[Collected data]
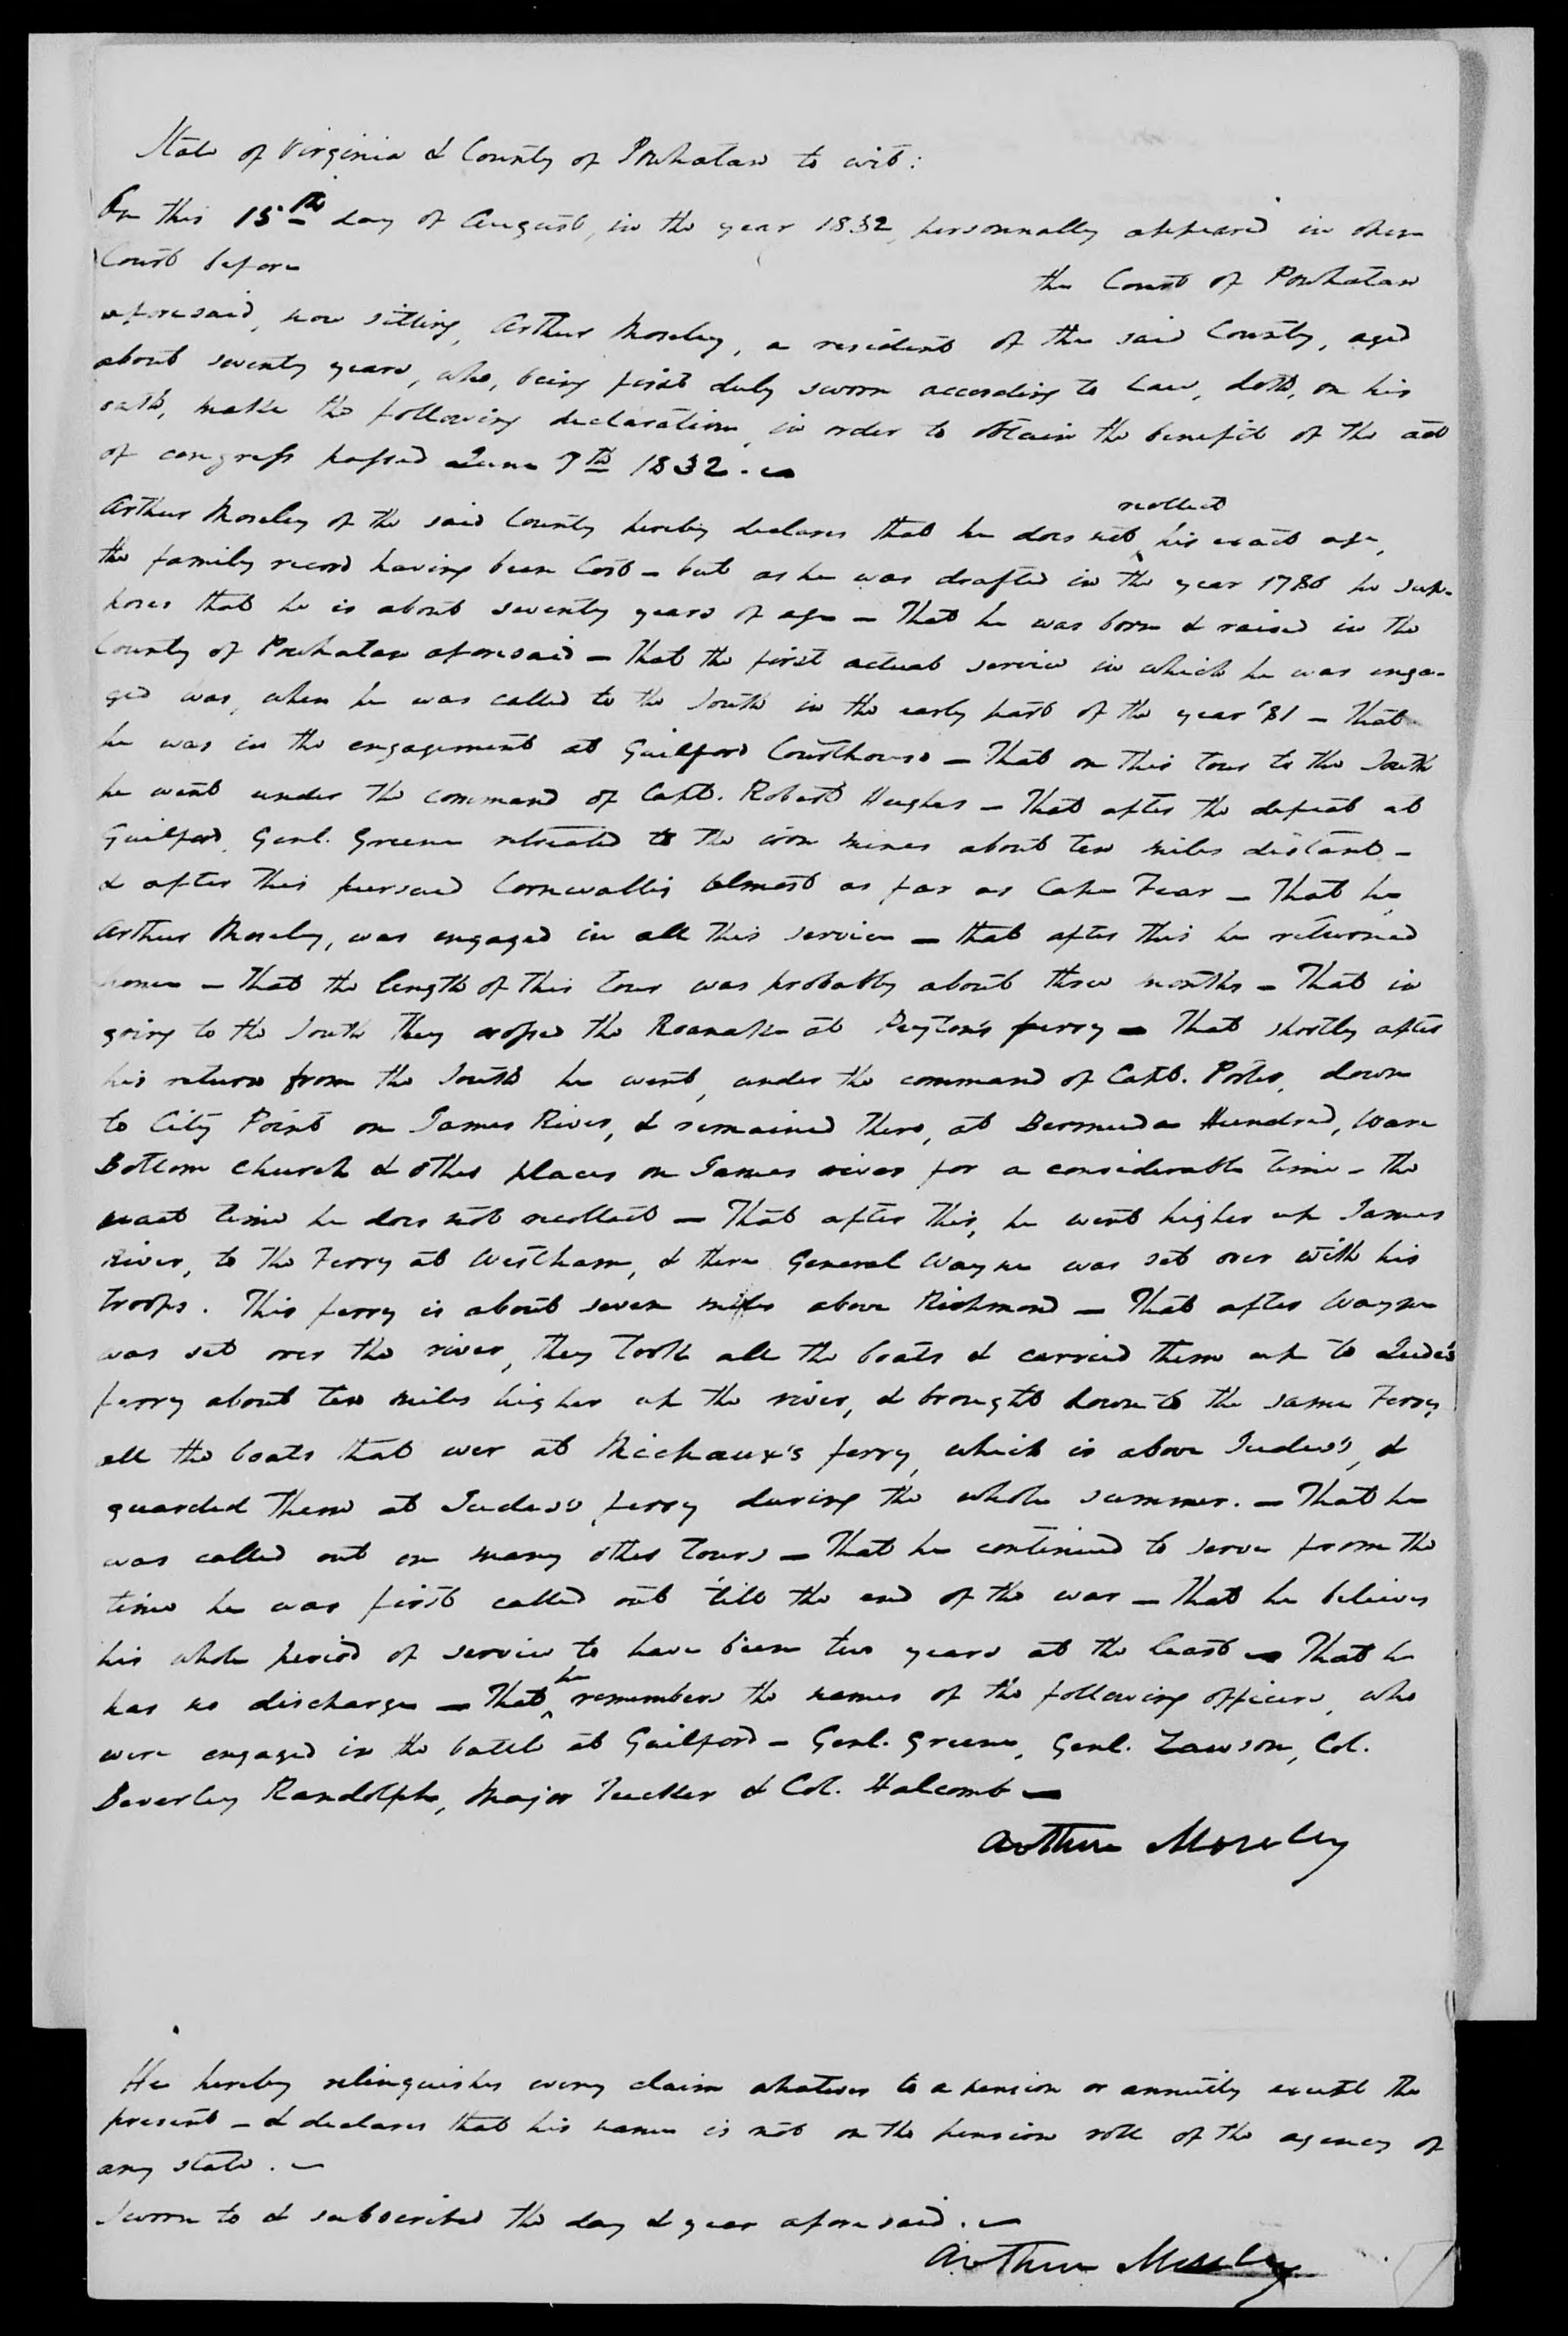State of Virginia & County of Powhatan to wit:

On this 15th day of August, in the year 1832, personally offered in this Court before the Court of Powhatan before aforesaid, now sitting, Arthur Moseley, a resident of this said County, aged about 70 years, who, being [illegible] duly sworn according to Law, doth, on his [illegible], make the following declaration, in order to obtain the benefit of the act of congress passed June 7th 1832.

Arthur Moseley of the said County hereby declares that he does not recollect his exact age, the family record having been lost – but as he was drafted in the year 1780, he supposes that he is about 70 years of age – That he was born & raised in the County of Powhatan aforesaid – That the first actual service in which he was engaged was, when he was called to the South in the early part of the year ’81 – That he was in the engagement at Guilford Courthouse – That on this tour to the South he went under the command of Capt. Robert Hughes – That after the defeat at Guilford, Genl. Greene retreated to the iron mines about ten miles distant – & after this pursued Cornwallis almost as far as Cape Fear - That he, Arthur Moseley, was engaged in all this service – that after this he returned home – That the length of this tour was probably about three months – That in going to the South they crossed the Roanoke at Peyton’s ferry -  That shortly after his return from the South he went, under the command of Capt. Porter, down to City Point on James River, & remained there, at Bermuda Hundred, Ware Bottom Church & other places on James river for a considerable time – The exact time he does not recollect – That after this, he went higher up James River, to the Ferry at Westham, & there General Wayne was set over with his troops.  This ferry is about seven miles above Richmond - That after Wayne was set over the river, they took all the boats & carried them up to Jude’s ferry about ten miles higher up the river, & brought down to the same Ferry all the boats that were at Richeaux’s ferry, which is above the Jude’s, & guarded them at Jude’s ferry during the whole summer.  – That he was called out on many other tours – That he continued to serve from the time he was first called out ‘till the end of the war – That he believes his whole period of service to have been two years at the least – That he has no discharge – That he remembers the names of the following officers, who were engaged in the battle of Guilford – Genl. Greene, General Lawson, Col. Beverley Randolph, Major Tucker & Col. Halcomb –

Arthur Moseley

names: [BLANK] Lawson; [BLANK] Holcomb; [BLANK] Green; [BLANK] Wayne; Robert Hughes; [BLANK] Porter; Arthur Moseley; Beverley Randolph; [BLANK] Cornwallis; [BLANK] Tucker
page: 4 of 21
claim: survivor's
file: S. 7240, for Arthur Moseley, Virginia

_PROBLEM STATEMENT_
Nothing but the lines from the one holding "page: 4 of 21" to the end of the entries should be returned, each exactly as it stands.

_ANSWER SPACE_
page: 4 of 21
claim: survivor's
file: S. 7240, for Arthur Moseley, Virginia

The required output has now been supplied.